Talebi Fard shows all of the elements including the UPF performing the functions recited in the claim, as well as the static filtering entry, as discussed above. Talebi Fard does not specifically show wherein the Static Filtering Entry is an information form defined by 802.11Q. Also, Talebi Fard does not specifically show that the UPF is embodied as a network-side time-sensitive networking translator (NW- TT) and an NW-TT port.
However, the above-mentioned claim limitations are well-established in the art as evidenced by Qiao and Varga.

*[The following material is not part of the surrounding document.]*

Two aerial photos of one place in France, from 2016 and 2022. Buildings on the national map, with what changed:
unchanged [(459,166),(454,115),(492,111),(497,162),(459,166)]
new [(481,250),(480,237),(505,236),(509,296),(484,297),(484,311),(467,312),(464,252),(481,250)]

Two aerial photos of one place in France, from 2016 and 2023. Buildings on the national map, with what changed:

First, Qiao shows wherein the Static Filtering Entry is an information form defined by 802.11Q (Par. 0084; An SMF may provide, to a UPF, traffic filters based on the Ethernet frame structure. A packet filter set may support packet filtering (e.g., for an Ethernet PDU session type) based on one or more of: source MAC address and/or destination MAC address; Ethertype (e.g., such as set forth by IEEE 802.3); customer-virtual Local Area Network (VLAN) tag (C-TAG) and/or service-VLAN tag (S-TAG) VLAN identifier (VID) fields (e.g., such as set forth in IEEE 802.1Q); C-TAG and/or S-TAG priority code point (PCP) and/or drop eligibility indicator (DEI) fields (e.g., such as set forth in IEEE 802.1Q); and/or IP packet filter set.).
In view of the above, having the system of Talebi Fard, then given the well-established teaching of Qiao, it would have been obvious before the effective filing date of the claimed invention to modify the system of Talebi Fard as taught by Qiao, in order to provide motivation to set up redundancy and therefore, also increases transmission reliability (Par. 0021, 0026 of Qiao).
Second, Varga shows a UPF embodied as a network-side time-sensitive networking translator (NW- TT) and an NW-TT port (Figure 2; Par. 0022-0023, 0026, 0030; a User Plane Function (UPF) 168, shown combined with the UPF-TSN Translator (UP-TT) 180 including ingress and egress ports used for forwarding traffic. Further, it is submitted, the UP-TT 180 implemented under 802.1Q.).
In view of the above, having the system of Talebi Fard, then given the well-established teaching of Varga, it would have been obvious before the effective filing date of the claimed invention to modify the system of Talebi Fard as taught by Varga, in order to provide motivation for optimizing RAN communications by meeting latency and reliability requirements (Par. 0026 of Varga).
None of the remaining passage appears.